Saved data entries:
=== Begin Enclosure ===

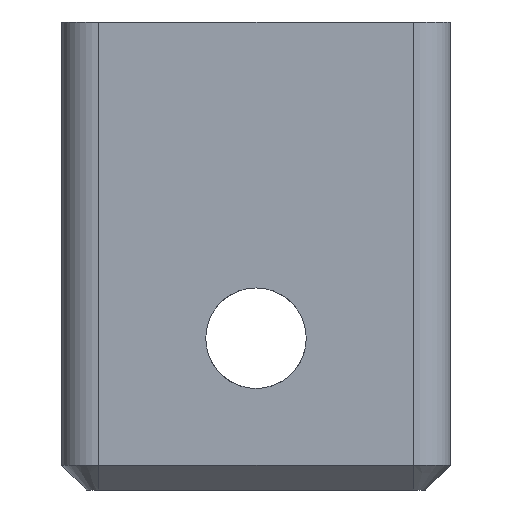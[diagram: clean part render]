
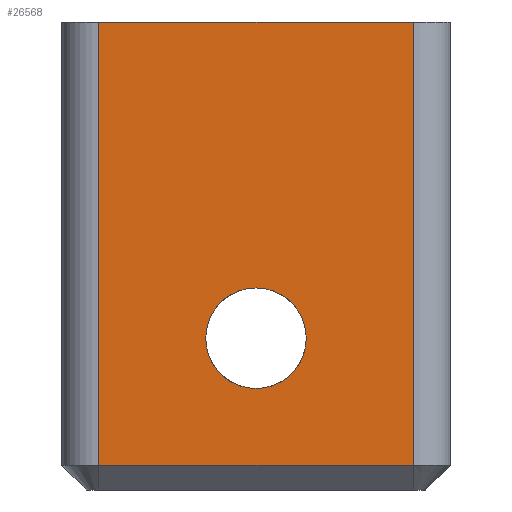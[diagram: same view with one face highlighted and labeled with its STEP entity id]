
A CAD part, front view. The second image highlights one B-rep face of the part: STEP entity #26568.
In plain terms, the highlighted planar face has unit normal (0, -1, 0).
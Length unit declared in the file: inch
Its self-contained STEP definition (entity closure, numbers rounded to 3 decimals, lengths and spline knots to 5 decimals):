
#205 = CARTESIAN_POINT ( 'NONE',  ( -0.3075, -0.8075, -0.74 ) ) ;
#430 = CARTESIAN_POINT ( 'NONE',  ( -0.24844, -0.8075, -0.70063 ) ) ;
#695 = VERTEX_POINT ( 'NONE', #10266 ) ;
#821 = CARTESIAN_POINT ( 'NONE',  ( -0.24844, -0.8075, -0.74 ) ) ;
#1931 = EDGE_LOOP ( 'NONE', ( #8022, #3150 ) ) ;
#2444 = DIRECTION ( 'NONE',  ( 0., 0., -1. ) ) ;
#3150 = ORIENTED_EDGE ( 'NONE', *, *, #30077, .F. ) ;
#3301 = VERTEX_POINT ( 'NONE', #430 ) ;
#3617 = DIRECTION ( 'NONE',  ( 1., 0., 0. ) ) ;
#3935 = ORIENTED_EDGE ( 'NONE', *, *, #4307, .T. ) ;
#4043 = DIRECTION ( 'NONE',  ( 0., -1., 0. ) ) ;
#4307 = EDGE_CURVE ( 'NONE', #7806, #24958, #29230, .T. ) ;
#4785 = CARTESIAN_POINT ( 'NONE',  ( 0.24844, -0.8075, -0.70063 ) ) ;
#5097 = VECTOR ( 'NONE', #19633, 39.37008 ) ;
#5787 = ORIENTED_EDGE ( 'NONE', *, *, #6303, .T. ) ;
#6303 = EDGE_CURVE ( 'NONE', #3301, #7806, #20577, .T. ) ;
#7806 = VERTEX_POINT ( 'NONE', #4785 ) ;
#7820 = VERTEX_POINT ( 'NONE', #14532 ) ;
#8022 = ORIENTED_EDGE ( 'NONE', *, *, #13976, .F. ) ;
#10266 = CARTESIAN_POINT ( 'NONE',  ( 0., -0.8075, -0.5795 ) ) ;
#11420 = VERTEX_POINT ( 'NONE', #30885 ) ;
#11922 = CARTESIAN_POINT ( 'NONE',  ( -0.3075, -0.8075, 0. ) ) ;
#12342 = DIRECTION ( 'NONE',  ( 0., -1., 0. ) ) ;
#12965 = LINE ( 'NONE', #821, #23281 ) ;
#13052 = AXIS2_PLACEMENT_3D ( 'NONE', #30876, #26232, #21413 ) ;
#13204 = CARTESIAN_POINT ( 'NONE',  ( -0.3075, -0.8075, -0.70063 ) ) ;
#13976 = EDGE_CURVE ( 'NONE', #695, #7820, #23796, .T. ) ;
#14236 = EDGE_CURVE ( 'NONE', #11420, #3301, #12965, .T. ) ;
#14532 = CARTESIAN_POINT ( 'NONE',  ( 0., -0.8075, -0.4205 ) ) ;
#15077 = AXIS2_PLACEMENT_3D ( 'NONE', #19053, #4043, #26109 ) ;
#15118 = CARTESIAN_POINT ( 'NONE',  ( 0.24844, -0.8075, 0. ) ) ;
#15235 = FACE_BOUND ( 'NONE', #1931, .T. ) ;
#17056 = AXIS2_PLACEMENT_3D ( 'NONE', #205, #12342, #2444 ) ;
#18134 = EDGE_LOOP ( 'NONE', ( #24614, #5787, #3935, #18589 ) ) ;
#18589 = ORIENTED_EDGE ( 'NONE', *, *, #26153, .F. ) ;
#19053 = CARTESIAN_POINT ( 'NONE',  ( 0., -0.8075, -0.5 ) ) ;
#19633 = DIRECTION ( 'NONE',  ( 0., 0., 1. ) ) ;
#20126 = VECTOR ( 'NONE', #22010, 39.37008 ) ;
#20338 = DIRECTION ( 'NONE',  ( 0., 0., -1. ) ) ;
#20577 = LINE ( 'NONE', #13204, #23118 ) ;
#21413 = DIRECTION ( 'NONE',  ( 0., 0., -1. ) ) ;
#21758 = CIRCLE ( 'NONE', #13052, 0.0795 ) ;
#22010 = DIRECTION ( 'NONE',  ( 1., 0., 0. ) ) ;
#23118 = VECTOR ( 'NONE', #3617, 39.37008 ) ;
#23281 = VECTOR ( 'NONE', #20338, 39.37008 ) ;
#23796 = CIRCLE ( 'NONE', #15077, 0.0795 ) ;
#24377 = FACE_OUTER_BOUND ( 'NONE', #18134, .T. ) ;
#24614 = ORIENTED_EDGE ( 'NONE', *, *, #14236, .T. ) ;
#24958 = VERTEX_POINT ( 'NONE', #15118 ) ;
#26109 = DIRECTION ( 'NONE',  ( 0., 0., -1. ) ) ;
#26153 = EDGE_CURVE ( 'NONE', #11420, #24958, #31137, .T. ) ;
#26232 = DIRECTION ( 'NONE',  ( 0., -1., 0. ) ) ;
#26568 = ADVANCED_FACE ( 'NONE', ( #15235, #24377 ), #29322, .T. ) ;
#27747 = CARTESIAN_POINT ( 'NONE',  ( 0.24844, -0.8075, -0.74 ) ) ;
#29230 = LINE ( 'NONE', #27747, #5097 ) ;
#29322 = PLANE ( 'NONE',  #17056 ) ;
#30077 = EDGE_CURVE ( 'NONE', #7820, #695, #21758, .T. ) ;
#30876 = CARTESIAN_POINT ( 'NONE',  ( 0., -0.8075, -0.5 ) ) ;
#30885 = CARTESIAN_POINT ( 'NONE',  ( -0.24844, -0.8075, 0. ) ) ;
#31137 = LINE ( 'NONE', #11922, #20126 ) ;

=== End Enclosure ===

» WHAT IS NEEDED: Reproduce the data exactly, please, and omit its pictures.

» SOLUTION BELOW:
[diagram: clean part render]
[diagram: same view with one face highlighted and labeled with its STEP entity id]
A CAD part, front view. The second image highlights one B-rep face of the part: STEP entity #26568.
In plain terms, the highlighted planar face has unit normal (0, -1, 0).
Length unit declared in the file: inch
Its self-contained STEP definition (entity closure, numbers rounded to 3 decimals, lengths and spline knots to 5 decimals):
#205 = CARTESIAN_POINT ( 'NONE',  ( -0.3075, -0.8075, -0.74 ) ) ;
#430 = CARTESIAN_POINT ( 'NONE',  ( -0.24844, -0.8075, -0.70063 ) ) ;
#695 = VERTEX_POINT ( 'NONE', #10266 ) ;
#821 = CARTESIAN_POINT ( 'NONE',  ( -0.24844, -0.8075, -0.74 ) ) ;
#1931 = EDGE_LOOP ( 'NONE', ( #8022, #3150 ) ) ;
#2444 = DIRECTION ( 'NONE',  ( 0., 0., -1. ) ) ;
#3150 = ORIENTED_EDGE ( 'NONE', *, *, #30077, .F. ) ;
#3301 = VERTEX_POINT ( 'NONE', #430 ) ;
#3617 = DIRECTION ( 'NONE',  ( 1., 0., 0. ) ) ;
#3935 = ORIENTED_EDGE ( 'NONE', *, *, #4307, .T. ) ;
#4043 = DIRECTION ( 'NONE',  ( 0., -1., 0. ) ) ;
#4307 = EDGE_CURVE ( 'NONE', #7806, #24958, #29230, .T. ) ;
#4785 = CARTESIAN_POINT ( 'NONE',  ( 0.24844, -0.8075, -0.70063 ) ) ;
#5097 = VECTOR ( 'NONE', #19633, 39.37008 ) ;
#5787 = ORIENTED_EDGE ( 'NONE', *, *, #6303, .T. ) ;
#6303 = EDGE_CURVE ( 'NONE', #3301, #7806, #20577, .T. ) ;
#7806 = VERTEX_POINT ( 'NONE', #4785 ) ;
#7820 = VERTEX_POINT ( 'NONE', #14532 ) ;
#8022 = ORIENTED_EDGE ( 'NONE', *, *, #13976, .F. ) ;
#10266 = CARTESIAN_POINT ( 'NONE',  ( 0., -0.8075, -0.5795 ) ) ;
#11420 = VERTEX_POINT ( 'NONE', #30885 ) ;
#11922 = CARTESIAN_POINT ( 'NONE',  ( -0.3075, -0.8075, 0. ) ) ;
#12342 = DIRECTION ( 'NONE',  ( 0., -1., 0. ) ) ;
#12965 = LINE ( 'NONE', #821, #23281 ) ;
#13052 = AXIS2_PLACEMENT_3D ( 'NONE', #30876, #26232, #21413 ) ;
#13204 = CARTESIAN_POINT ( 'NONE',  ( -0.3075, -0.8075, -0.70063 ) ) ;
#13976 = EDGE_CURVE ( 'NONE', #695, #7820, #23796, .T. ) ;
#14236 = EDGE_CURVE ( 'NONE', #11420, #3301, #12965, .T. ) ;
#14532 = CARTESIAN_POINT ( 'NONE',  ( 0., -0.8075, -0.4205 ) ) ;
#15077 = AXIS2_PLACEMENT_3D ( 'NONE', #19053, #4043, #26109 ) ;
#15118 = CARTESIAN_POINT ( 'NONE',  ( 0.24844, -0.8075, 0. ) ) ;
#15235 = FACE_BOUND ( 'NONE', #1931, .T. ) ;
#17056 = AXIS2_PLACEMENT_3D ( 'NONE', #205, #12342, #2444 ) ;
#18134 = EDGE_LOOP ( 'NONE', ( #24614, #5787, #3935, #18589 ) ) ;
#18589 = ORIENTED_EDGE ( 'NONE', *, *, #26153, .F. ) ;
#19053 = CARTESIAN_POINT ( 'NONE',  ( 0., -0.8075, -0.5 ) ) ;
#19633 = DIRECTION ( 'NONE',  ( 0., 0., 1. ) ) ;
#20126 = VECTOR ( 'NONE', #22010, 39.37008 ) ;
#20338 = DIRECTION ( 'NONE',  ( 0., 0., -1. ) ) ;
#20577 = LINE ( 'NONE', #13204, #23118 ) ;
#21413 = DIRECTION ( 'NONE',  ( 0., 0., -1. ) ) ;
#21758 = CIRCLE ( 'NONE', #13052, 0.0795 ) ;
#22010 = DIRECTION ( 'NONE',  ( 1., 0., 0. ) ) ;
#23118 = VECTOR ( 'NONE', #3617, 39.37008 ) ;
#23281 = VECTOR ( 'NONE', #20338, 39.37008 ) ;
#23796 = CIRCLE ( 'NONE', #15077, 0.0795 ) ;
#24377 = FACE_OUTER_BOUND ( 'NONE', #18134, .T. ) ;
#24614 = ORIENTED_EDGE ( 'NONE', *, *, #14236, .T. ) ;
#24958 = VERTEX_POINT ( 'NONE', #15118 ) ;
#26109 = DIRECTION ( 'NONE',  ( 0., 0., -1. ) ) ;
#26153 = EDGE_CURVE ( 'NONE', #11420, #24958, #31137, .T. ) ;
#26232 = DIRECTION ( 'NONE',  ( 0., -1., 0. ) ) ;
#26568 = ADVANCED_FACE ( 'NONE', ( #15235, #24377 ), #29322, .T. ) ;
#27747 = CARTESIAN_POINT ( 'NONE',  ( 0.24844, -0.8075, -0.74 ) ) ;
#29230 = LINE ( 'NONE', #27747, #5097 ) ;
#29322 = PLANE ( 'NONE',  #17056 ) ;
#30077 = EDGE_CURVE ( 'NONE', #7820, #695, #21758, .T. ) ;
#30876 = CARTESIAN_POINT ( 'NONE',  ( 0., -0.8075, -0.5 ) ) ;
#30885 = CARTESIAN_POINT ( 'NONE',  ( -0.24844, -0.8075, 0. ) ) ;
#31137 = LINE ( 'NONE', #11922, #20126 ) ;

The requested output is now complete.